Search the data below, and report every line in which "outdoors" occurs.

** MATERIAL FOR THIS TASK **
=== Begin Enclosure ===
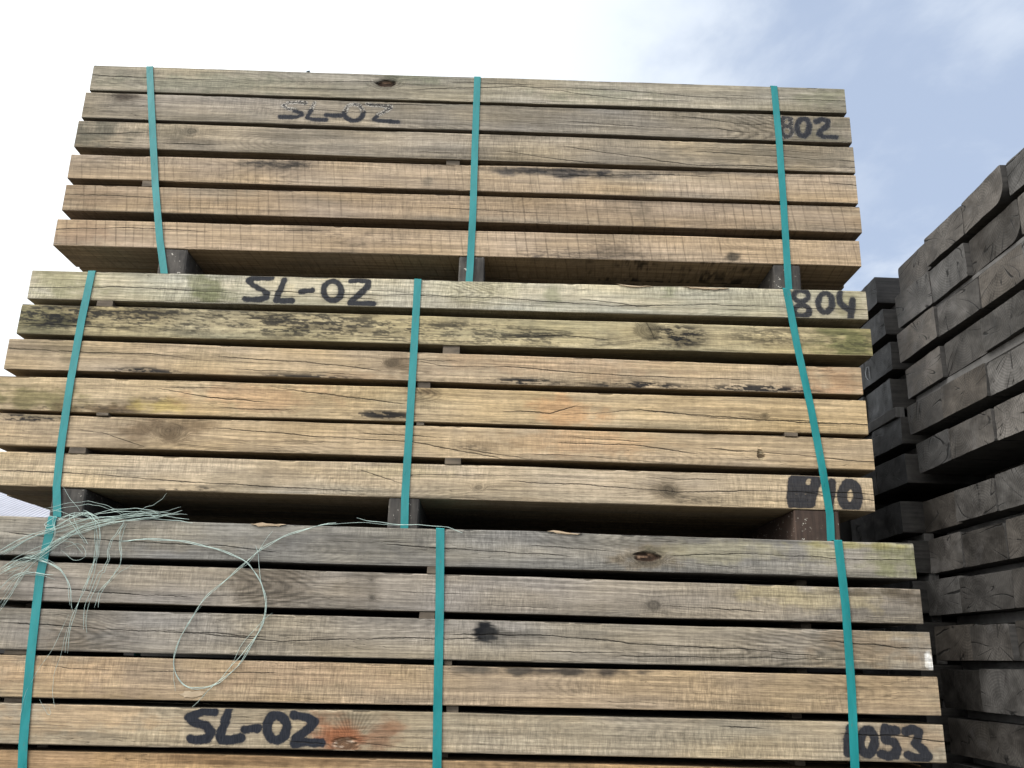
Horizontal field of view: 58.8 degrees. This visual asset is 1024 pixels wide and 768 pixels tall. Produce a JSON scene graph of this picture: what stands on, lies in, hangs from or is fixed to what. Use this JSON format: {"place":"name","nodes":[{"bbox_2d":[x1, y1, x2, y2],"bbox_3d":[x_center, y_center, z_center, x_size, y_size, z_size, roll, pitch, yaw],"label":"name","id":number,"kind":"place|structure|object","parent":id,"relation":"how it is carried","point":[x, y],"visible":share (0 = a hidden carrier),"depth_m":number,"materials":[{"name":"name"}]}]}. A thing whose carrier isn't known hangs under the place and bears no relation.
{"place":"outdoors","nodes":[
{"label":"outdoors","id":0,"kind":"place"},
{"bbox_2d":[0,0,1023,451],"label":"sky","id":1,"kind":"structure","parent":0,"point":[934,89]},
{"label":"weathered sleeper","id":2,"kind":"object","parent":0,"visible":0},
{"bbox_3d":[2.137,0.040,3.674,0.052,0.029,1.671,2,-17,-1],"label":"spacer lath","id":3,"kind":"object","parent":2,"relation":"on","visible":0},
{"bbox_2d":[907,389,967,435],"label":"weathered sleeper","id":4,"kind":"object","parent":3,"relation":"on","point":[925,416],"visible":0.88,"depth_m":4.37,"materials":[{"name":"grey wood"}]},
{"bbox_2d":[916,332,1023,401],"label":"spacer lath","id":5,"kind":"object","parent":4,"relation":"on","point":[1009,345],"visible":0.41,"depth_m":3.90,"materials":[{"name":"grey wood"}]},
{"bbox_2d":[906,346,949,398],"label":"weathered sleeper","id":6,"kind":"object","parent":5,"relation":"on","point":[928,371],"visible":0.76,"depth_m":4.38,"materials":[{"name":"grey wood"}]},
{"bbox_3d":[2.147,-0.342,3.791,0.052,0.038,1.672,2,-17,-1],"label":"spacer lath","id":7,"kind":"object","parent":6,"relation":"on","visible":0},
{"bbox_2d":[897,306,953,363],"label":"weathered sleeper","id":8,"kind":"object","parent":7,"relation":"on","point":[919,338],"visible":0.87,"depth_m":4.45,"materials":[{"name":"grey wood"}]},
{"bbox_2d":[895,271,938,327],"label":"weathered sleeper","id":9,"kind":"object","parent":8,"relation":"on","point":[913,301],"visible":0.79,"depth_m":4.52,"materials":[{"name":"grey wood"}]},
{"bbox_2d":[934,237,1023,306],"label":"spacer lath","id":10,"kind":"object","parent":8,"relation":"on","point":[985,268],"visible":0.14,"depth_m":3.97,"materials":[{"name":"grey wood"}]},
{"bbox_2d":[929,243,973,302],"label":"weathered sleeper","id":11,"kind":"object","parent":10,"relation":"on","point":[951,272],"visible":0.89,"depth_m":4.17,"materials":[{"name":"grey wood"}]},
{"bbox_2d":[924,206,975,266],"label":"weathered sleeper","id":12,"kind":"object","parent":11,"relation":"on","point":[945,238],"visible":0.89,"depth_m":4.24,"materials":[{"name":"grey wood"}]},
{"bbox_2d":[937,278,995,336],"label":"weathered sleeper","id":13,"kind":"object","parent":7,"relation":"on","point":[960,311],"visible":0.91,"depth_m":4.10,"materials":[{"name":"grey wood"}]},
{"bbox_2d":[979,244,1023,307],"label":"weathered sleeper","id":14,"kind":"object","parent":7,"relation":"on","point":[1001,281],"visible":0.98,"depth_m":3.78,"materials":[{"name":"grey wood"}]},
{"bbox_2d":[969,199,1023,274],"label":"weathered sleeper","id":15,"kind":"object","parent":14,"relation":"on","point":[997,236],"visible":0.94,"depth_m":3.84,"materials":[{"name":"grey wood"}]},
{"bbox_2d":[961,165,1018,233],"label":"weathered sleeper","id":16,"kind":"object","parent":15,"relation":"on","point":[988,199],"visible":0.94,"depth_m":3.89,"materials":[{"name":"grey wood"}]},
{"bbox_2d":[944,318,989,375],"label":"weathered sleeper","id":17,"kind":"object","parent":5,"relation":"on","point":[964,348],"visible":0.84,"depth_m":4.07,"materials":[{"name":"grey wood"}]},
{"bbox_2d":[980,290,1023,351],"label":"weathered sleeper","id":18,"kind":"object","parent":5,"relation":"on","point":[1003,323],"visible":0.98,"depth_m":3.73,"materials":[{"name":"grey wood"}]},
{"bbox_2d":[940,363,1014,418],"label":"weathered sleeper","id":19,"kind":"object","parent":3,"relation":"on","point":[967,395],"visible":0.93,"depth_m":4.02,"materials":[{"name":"grey wood"}]},
{"bbox_2d":[987,343,1023,395],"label":"weathered sleeper","id":20,"kind":"object","parent":3,"relation":"on","point":[1005,374],"visible":1,"depth_m":3.74,"materials":[{"name":"grey wood"}]},
{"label":"weathered sleeper","id":21,"kind":"object","parent":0,"visible":0},
{"bbox_2d":[893,533,933,542],"bbox_3d":[2.096,0.868,4.897,0.052,0.038,0.652,2,-17,-1],"label":"spacer lath","id":22,"kind":"object","parent":21,"relation":"on","point":[925,537],"visible":0.36,"depth_m":4.63,"materials":[{"name":"grey wood"}]},
{"bbox_2d":[850,512,895,542],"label":"weathered sleeper","id":23,"kind":"object","parent":22,"relation":"on","point":[862,529],"visible":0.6,"depth_m":5.09,"materials":[{"name":"grey wood"}]},
{"bbox_2d":[860,469,938,504],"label":"weathered sleeper","id":24,"kind":"object","parent":23,"relation":"on","point":[884,499],"visible":0.23,"depth_m":4.99,"materials":[{"name":"brown wood"}]},
{"bbox_2d":[904,448,916,453],"bbox_3d":[2.107,0.440,4.991,0.051,0.050,0.721,2,-17,-1],"label":"spacer lath","id":25,"kind":"object","parent":24,"relation":"on","point":[913,451],"visible":0.02,"depth_m":4.74,"materials":[{"name":"grey wood"}]},
{"bbox_2d":[863,434,893,466],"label":"weathered sleeper","id":26,"kind":"object","parent":25,"relation":"on","point":[879,460],"visible":0.16,"depth_m":5.04,"materials":[{"name":"brown wood"}]},
{"bbox_2d":[862,407,904,438],"bbox_3d":[2.000,0.249,5.048,0.051,0.055,0.713,2,-17,-1],"label":"spacer lath","id":27,"kind":"object","parent":26,"relation":"on","point":[887,418],"visible":0.52,"depth_m":4.82,"materials":[{"name":"grey wood"}]},
{"bbox_2d":[859,397,867,422],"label":"weathered sleeper","id":28,"kind":"object","parent":27,"relation":"on","point":[863,399],"visible":0.03,"depth_m":5.12,"materials":[{"name":"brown wood"}]},
{"bbox_3d":[2.115,0.053,5.139,0.052,0.044,0.662,2,-17,-1],"label":"spacer lath","id":29,"kind":"object","parent":28,"relation":"on","visible":0},
{"bbox_2d":[864,342,913,387],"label":"weathered sleeper","id":30,"kind":"object","parent":29,"relation":"on","point":[882,365],"visible":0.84,"depth_m":4.91,"materials":[{"name":"grey wood"}]},
{"bbox_2d":[866,379,915,422],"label":"weathered sleeper","id":31,"kind":"object","parent":27,"relation":"on","point":[886,396],"visible":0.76,"depth_m":4.82,"materials":[{"name":"grey wood"}]},
{"bbox_2d":[872,417,930,457],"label":"weathered sleeper","id":32,"kind":"object","parent":25,"relation":"on","point":[893,439],"visible":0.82,"depth_m":4.76,"materials":[{"name":"grey wood"}]},
{"bbox_2d":[873,501,946,540],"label":"weathered sleeper","id":33,"kind":"object","parent":22,"relation":"on","point":[899,520],"visible":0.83,"depth_m":4.66,"materials":[{"name":"grey wood"}]},
{"bbox_2d":[875,454,986,495],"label":"weathered sleeper","id":34,"kind":"object","parent":33,"relation":"on","point":[901,475],"visible":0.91,"depth_m":4.65,"materials":[{"name":"grey wood"}]},
{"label":"weathered sleeper","id":35,"kind":"object","parent":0,"visible":0},
{"bbox_2d":[967,710,1023,723],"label":"spacer lath","id":36,"kind":"object","parent":35,"relation":"on","point":[982,715],"visible":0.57,"depth_m":3.88,"materials":[{"name":"grey wood"}]},
{"bbox_2d":[940,669,983,711],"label":"weathered sleeper","id":37,"kind":"object","parent":36,"relation":"on","point":[961,689],"visible":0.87,"depth_m":3.99,"materials":[{"name":"grey wood"}]},
{"bbox_2d":[962,661,1023,669],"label":"spacer lath","id":38,"kind":"object","parent":37,"relation":"on","point":[972,665],"visible":0.92,"depth_m":3.92,"materials":[{"name":"grey wood"}]},
{"bbox_2d":[934,624,985,660],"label":"weathered sleeper","id":39,"kind":"object","parent":38,"relation":"on","point":[953,643],"visible":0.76,"depth_m":4.06,"materials":[{"name":"grey wood"}]},
{"bbox_2d":[957,611,1023,624],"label":"spacer lath","id":40,"kind":"object","parent":39,"relation":"on","point":[1002,618],"visible":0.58,"depth_m":3.92,"materials":[{"name":"grey wood"}]},
{"bbox_2d":[927,576,989,615],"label":"weathered sleeper","id":41,"kind":"object","parent":40,"relation":"on","point":[944,597],"visible":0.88,"depth_m":4.13,"materials":[{"name":"grey wood"}]},
{"bbox_2d":[952,562,1023,576],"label":"spacer lath","id":42,"kind":"object","parent":41,"relation":"on","point":[997,569],"visible":0.45,"depth_m":3.94,"materials":[{"name":"grey wood"}]},
{"bbox_2d":[928,532,984,574],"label":"weathered sleeper","id":43,"kind":"object","parent":42,"relation":"on","point":[947,556],"visible":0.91,"depth_m":4.14,"materials":[{"name":"grey wood"}]},
{"bbox_2d":[962,523,1023,567],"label":"weathered sleeper","id":44,"kind":"object","parent":42,"relation":"on","point":[985,547],"visible":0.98,"depth_m":3.82,"materials":[{"name":"grey wood"}]},
{"bbox_2d":[1006,515,1023,558],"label":"weathered sleeper","id":45,"kind":"object","parent":42,"relation":"on","point":[1015,531],"visible":1,"depth_m":3.62,"materials":[{"name":"grey wood"}]},
{"bbox_2d":[947,512,1023,534],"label":"spacer lath","id":46,"kind":"object","parent":45,"relation":"on","point":[986,524],"visible":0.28,"depth_m":4.00,"materials":[{"name":"grey wood"}]},
{"bbox_2d":[923,492,981,532],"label":"weathered sleeper","id":47,"kind":"object","parent":46,"relation":"on","point":[939,514],"visible":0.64,"depth_m":4.24,"materials":[{"name":"grey wood"}]},
{"bbox_3d":[4.276,0.327,3.654,0.121,0.134,1.691,2,-17,-1],"label":"timber bearer","id":48,"kind":"object","parent":47,"relation":"on","visible":0},
{"bbox_2d":[916,429,1023,474],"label":"weathered sleeper","id":49,"kind":"object","parent":48,"relation":"on","point":[934,454],"visible":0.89,"depth_m":4.28,"materials":[{"name":"grey wood"}]},
{"bbox_2d":[949,409,1023,460],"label":"weathered sleeper","id":50,"kind":"object","parent":48,"relation":"on","point":[974,437],"visible":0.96,"depth_m":3.96,"materials":[{"name":"grey wood"}]},
{"bbox_2d":[994,393,1023,440],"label":"weathered sleeper","id":51,"kind":"object","parent":48,"relation":"on","point":[1009,416],"visible":1,"depth_m":3.69,"materials":[{"name":"grey wood"}]},
{"bbox_2d":[954,478,1021,522],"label":"weathered sleeper","id":52,"kind":"object","parent":46,"relation":"on","point":[978,502],"visible":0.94,"depth_m":3.88,"materials":[{"name":"grey wood"}]},
{"bbox_2d":[995,464,1023,511],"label":"weathered sleeper","id":53,"kind":"object","parent":46,"relation":"on","point":[1010,488],"visible":1,"depth_m":3.65,"materials":[{"name":"grey wood"}]},
{"bbox_2d":[959,570,1023,612],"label":"weathered sleeper","id":54,"kind":"object","parent":40,"relation":"on","point":[989,593],"visible":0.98,"depth_m":3.79,"materials":[{"name":"grey wood"}]},
{"bbox_2d":[969,624,1023,661],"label":"weathered sleeper","id":55,"kind":"object","parent":38,"relation":"on","point":[994,642],"visible":0.99,"depth_m":3.70,"materials":[{"name":"grey wood"}]},
{"bbox_2d":[979,669,1023,715],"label":"weathered sleeper","id":56,"kind":"object","parent":36,"relation":"on","point":[1002,691],"visible":1,"depth_m":3.66,"materials":[{"name":"grey wood"}]},
{"label":"ground","id":57,"kind":"structure","parent":0,"visible":0},
{"bbox_3d":[-1.892,1.771,3.889,0.144,0.177,1.061,2,-17,-2],"label":"timber bearer","id":58,"kind":"object","parent":57,"relation":"on","visible":0},
{"bbox_2d":[0,744,924,767],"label":"timber sleeper","id":59,"kind":"object","parent":58,"relation":"on","point":[64,756],"visible":0.98,"depth_m":3.51,"materials":[{"name":"brown wood"}]},
{"bbox_2d":[0,699,946,762],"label":"timber sleeper","id":60,"kind":"object","parent":59,"relation":"on","point":[141,724],"visible":0.98,"depth_m":3.54,"materials":[{"name":"brown wood"}]},
{"bbox_2d":[0,654,940,715],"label":"timber sleeper","id":61,"kind":"object","parent":60,"relation":"on","point":[122,678],"visible":0.98,"depth_m":3.59,"materials":[{"name":"brown wood"}]},
{"bbox_2d":[0,607,932,670],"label":"timber sleeper","id":62,"kind":"object","parent":61,"relation":"on","point":[341,637],"visible":0.99,"depth_m":3.64,"materials":[{"name":"brown wood"}]},
{"bbox_2d":[0,561,922,625],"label":"timber sleeper","id":63,"kind":"object","parent":62,"relation":"on","point":[284,589],"visible":1,"depth_m":3.69,"materials":[{"name":"brown wood"}]},
{"bbox_2d":[0,516,916,583],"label":"timber sleeper","id":64,"kind":"object","parent":63,"relation":"on","point":[553,552],"visible":0.98,"depth_m":3.75,"materials":[{"name":"grey wood"}]},
{"bbox_3d":[1.188,1.884,4.004,0.180,0.170,1.062,2,-17,-2],"label":"timber bearer","id":65,"kind":"object","parent":57,"relation":"on","visible":0},
{"bbox_2d":[287,749,919,765],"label":"timber sleeper","id":66,"kind":"object","parent":65,"relation":"on","point":[863,762],"visible":0.12,"depth_m":3.83,"materials":[{"name":"brown wood"}]},
{"bbox_2d":[0,697,904,719],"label":"timber sleeper","id":67,"kind":"object","parent":66,"relation":"on","point":[503,709],"visible":0.12,"depth_m":3.92,"materials":[{"name":"brown wood"}]},
{"bbox_2d":[0,653,908,675],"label":"timber sleeper","id":68,"kind":"object","parent":67,"relation":"on","point":[466,665],"visible":0.12,"depth_m":3.98,"materials":[{"name":"brown wood"}]},
{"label":"timber sleeper","id":69,"kind":"object","parent":68,"relation":"on","visible":0},
{"bbox_2d":[0,603,897,628],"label":"timber sleeper","id":70,"kind":"object","parent":69,"relation":"on","point":[381,614],"visible":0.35,"depth_m":4.03,"materials":[{"name":"brown wood"}]},
{"bbox_2d":[0,560,883,587],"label":"timber sleeper","id":71,"kind":"object","parent":70,"relation":"on","point":[825,584],"visible":0.19,"depth_m":4.05,"materials":[{"name":"brown wood"}]},
{"bbox_2d":[17,516,140,767],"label":"plastic strap","id":72,"kind":"object","parent":71,"relation":"attached to","point":[28,676],"visible":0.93,"depth_m":3.55,"materials":[{"name":"teal plastic"}]},
{"bbox_2d":[0,487,188,714],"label":"frayed twine","id":73,"kind":"object","parent":72,"relation":"hanging from","point":[94,524],"visible":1,"depth_m":3.66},
{"bbox_2d":[49,488,160,520],"bbox_3d":[-1.965,0.693,4.496,0.145,0.165,1.061,2,-17,-1],"label":"timber bearer","id":74,"kind":"object","parent":71,"relation":"on","point":[79,496],"visible":0.28,"depth_m":4.05,"materials":[{"name":"brown wood"}]},
{"bbox_2d":[53,271,96,516],"bbox_3d":[-2.010,0.196,4.652,0.077,1.206,1.092,2,-17,-1],"label":"plastic strap","id":75,"kind":"object","parent":74,"relation":"attached to","point":[61,441],"visible":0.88,"depth_m":4.12,"materials":[{"name":"teal plastic"}]},
{"bbox_2d":[387,498,431,528],"bbox_3d":[-0.492,0.737,4.517,0.137,0.162,1.062,2,-17,-1],"label":"timber bearer","id":76,"kind":"object","parent":71,"relation":"on","point":[417,514],"visible":0.28,"depth_m":4.02,"materials":[{"name":"grey wood"}]},
{"bbox_2d":[0,451,874,519],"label":"timber sleeper","id":77,"kind":"object","parent":76,"relation":"on","point":[431,485],"visible":0.97,"depth_m":4.06,"materials":[{"name":"brown wood"}]},
{"bbox_2d":[0,413,874,477],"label":"timber sleeper","id":78,"kind":"object","parent":77,"relation":"on","point":[546,448],"visible":0.93,"depth_m":4.11,"materials":[{"name":"brown wood"}]},
{"bbox_2d":[0,376,867,438],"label":"timber sleeper","id":79,"kind":"object","parent":78,"relation":"on","point":[210,400],"visible":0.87,"depth_m":4.16,"materials":[{"name":"brown wood"}]},
{"bbox_2d":[4,339,862,399],"bbox_3d":[-0.350,-0.042,4.337,3.960,0.154,0.266,2,-17,-1],"label":"timber sleeper","id":80,"kind":"object","parent":79,"relation":"on","point":[101,360],"visible":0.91,"depth_m":4.21,"materials":[{"name":"brown wood"}]},
{"bbox_2d":[16,304,872,367],"bbox_3d":[-0.301,-0.210,4.388,3.995,0.151,0.266,2,-17,-1],"label":"timber sleeper","id":81,"kind":"object","parent":80,"relation":"on","point":[766,345],"visible":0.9,"depth_m":4.27,"materials":[{"name":"brown wood"}]},
{"bbox_2d":[27,270,867,328],"bbox_3d":[-0.290,-0.387,4.440,3.974,0.168,0.272,2,-17,-1],"label":"timber sleeper","id":82,"kind":"object","parent":81,"relation":"on","point":[710,305],"visible":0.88,"depth_m":4.32,"materials":[{"name":"brown wood"}]},
{"bbox_2d":[400,279,421,527],"bbox_3d":[-0.482,0.236,4.676,0.048,1.215,1.092,2,-17,-1],"label":"plastic strap","id":83,"kind":"object","parent":82,"relation":"attached to","point":[410,409],"visible":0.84,"depth_m":4.15,"materials":[{"name":"teal plastic"}]},
{"bbox_2d":[458,257,484,281],"bbox_3d":[-0.206,-0.433,4.835,0.127,0.169,0.792,2,-17,-1],"label":"timber bearer","id":84,"kind":"object","parent":82,"relation":"on","point":[479,270],"visible":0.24,"depth_m":4.46,"materials":[{"name":"grey wood"}]},
{"bbox_2d":[53,219,860,286],"bbox_3d":[-0.260,-0.660,4.626,3.984,0.154,0.266,2,-17,-1],"label":"timber sleeper","id":85,"kind":"object","parent":84,"relation":"on","point":[368,251],"visible":0.97,"depth_m":4.51,"materials":[{"name":"brown wood"}]},
{"bbox_2d":[62,185,861,240],"bbox_3d":[-0.240,-0.841,4.680,3.991,0.152,0.266,2,-17,-1],"label":"timber sleeper","id":86,"kind":"object","parent":85,"relation":"on","point":[356,210],"visible":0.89,"depth_m":4.56,"materials":[{"name":"brown wood"}]},
{"bbox_2d":[67,154,857,206],"bbox_3d":[-0.240,-1.010,4.733,3.990,0.161,0.266,2,-17,-1],"label":"timber sleeper","id":87,"kind":"object","parent":86,"relation":"on","point":[534,182],"visible":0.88,"depth_m":4.61,"materials":[{"name":"brown wood"}]},
{"bbox_2d":[74,121,854,174],"bbox_3d":[-0.233,-1.178,4.782,3.986,0.166,0.266,2,-17,-1],"label":"timber sleeper","id":88,"kind":"object","parent":87,"relation":"on","point":[173,140],"visible":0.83,"depth_m":4.66,"materials":[{"name":"brown wood"}]},
{"bbox_2d":[81,92,851,146],"bbox_3d":[-0.225,-1.342,4.831,3.972,0.162,0.266,2,-17,-1],"label":"timber sleeper","id":89,"kind":"object","parent":88,"relation":"on","point":[513,120],"visible":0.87,"depth_m":4.70,"materials":[{"name":"brown wood"}]},
{"bbox_2d":[90,65,846,116],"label":"timber sleeper","id":90,"kind":"object","parent":89,"relation":"on","point":[821,102],"visible":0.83,"depth_m":4.75,"materials":[{"name":"brown wood"}]},
{"bbox_2d":[146,66,167,273],"bbox_3d":[-1.810,-0.964,4.971,0.276,1.212,0.824,2,-17,-1],"label":"plastic strap","id":91,"kind":"object","parent":90,"relation":"attached to","point":[154,178],"visible":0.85,"depth_m":4.57,"materials":[{"name":"teal plastic"}]},
{"bbox_2d":[466,76,480,281],"bbox_3d":[-0.210,-0.923,4.990,0.044,1.202,0.823,2,-17,-2],"label":"plastic strap","id":92,"kind":"object","parent":90,"relation":"attached to","point":[473,188],"visible":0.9,"depth_m":4.59,"materials":[{"name":"teal plastic"}]},
{"bbox_2d":[770,85,791,288],"bbox_3d":[1.353,-0.885,5.010,0.052,1.194,0.822,2,-17,-1],"label":"plastic strap","id":93,"kind":"object","parent":90,"relation":"attached to","point":[783,198],"visible":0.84,"depth_m":4.61,"materials":[{"name":"teal plastic"}]},
{"bbox_2d":[79,267,843,290],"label":"timber sleeper","id":94,"kind":"object","parent":84,"relation":"on","point":[438,278],"visible":0.16,"depth_m":4.75,"materials":[{"name":"brown wood"}]},
{"bbox_2d":[782,288,834,540],"bbox_3d":[1.343,0.284,4.704,0.170,1.227,1.092,2,-17,-1],"label":"plastic strap","id":95,"kind":"object","parent":82,"relation":"attached to","point":[812,420],"visible":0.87,"depth_m":4.18,"materials":[{"name":"teal plastic"}]},
{"bbox_2d":[432,528,444,767],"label":"plastic strap","id":96,"kind":"object","parent":71,"relation":"attached to","point":[438,681],"visible":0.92,"depth_m":3.62,"materials":[{"name":"teal plastic"}]},
{"bbox_2d":[738,510,840,540],"bbox_3d":[1.346,0.792,4.544,0.206,0.158,1.062,2,-17,-1],"label":"timber bearer","id":97,"kind":"object","parent":71,"relation":"on","point":[809,525],"visible":0.3,"depth_m":4.05,"materials":[{"name":"brown wood"}]},
{"bbox_2d":[36,505,761,532],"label":"timber sleeper","id":98,"kind":"object","parent":97,"relation":"on","point":[471,520],"visible":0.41,"depth_m":4.66,"materials":[{"name":"brown wood"}]},
{"bbox_2d":[7,495,847,524],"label":"timber sleeper","id":99,"kind":"object","parent":97,"relation":"on","point":[454,512],"visible":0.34,"depth_m":4.41,"materials":[{"name":"brown wood"}]},
{"bbox_2d":[151,516,745,537],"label":"timber sleeper","id":100,"kind":"object","parent":97,"relation":"on","point":[704,534],"visible":0.25,"depth_m":4.89,"materials":[{"name":"brown wood"}]},
{"bbox_2d":[831,540,858,767],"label":"plastic strap","id":101,"kind":"object","parent":71,"relation":"attached to","point":[850,677],"visible":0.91,"depth_m":3.68,"materials":[{"name":"teal plastic"}]},
{"bbox_3d":[4.231,1.832,3.547,0.121,0.148,1.023,2,-17,-1],"label":"timber bearer","id":102,"kind":"object","parent":57,"relation":"on","visible":0},
{"bbox_2d":[951,763,993,767],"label":"weathered sleeper","id":103,"kind":"object","parent":102,"relation":"on","point":[963,765],"visible":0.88,"depth_m":3.98,"materials":[{"name":"grey wood"}]},
{"bbox_2d":[973,758,1021,767],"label":"spacer lath","id":104,"kind":"object","parent":103,"relation":"on","point":[987,763],"visible":0.52,"depth_m":3.90,"materials":[{"name":"grey wood"}]},
{"bbox_2d":[948,718,997,760],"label":"weathered sleeper","id":105,"kind":"object","parent":104,"relation":"on","point":[969,737],"visible":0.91,"depth_m":3.93,"materials":[{"name":"grey wood"}]},
{"bbox_2d":[988,722,1023,767],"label":"weathered sleeper","id":106,"kind":"object","parent":104,"relation":"on","point":[1007,742],"visible":1,"depth_m":3.65,"materials":[{"name":"grey wood"}]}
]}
=== End Enclosure ===
** OUTPUT OF THE TASK **
{"place":"outdoors","nodes":[
{"label":"outdoors","id":0,"kind":"place"},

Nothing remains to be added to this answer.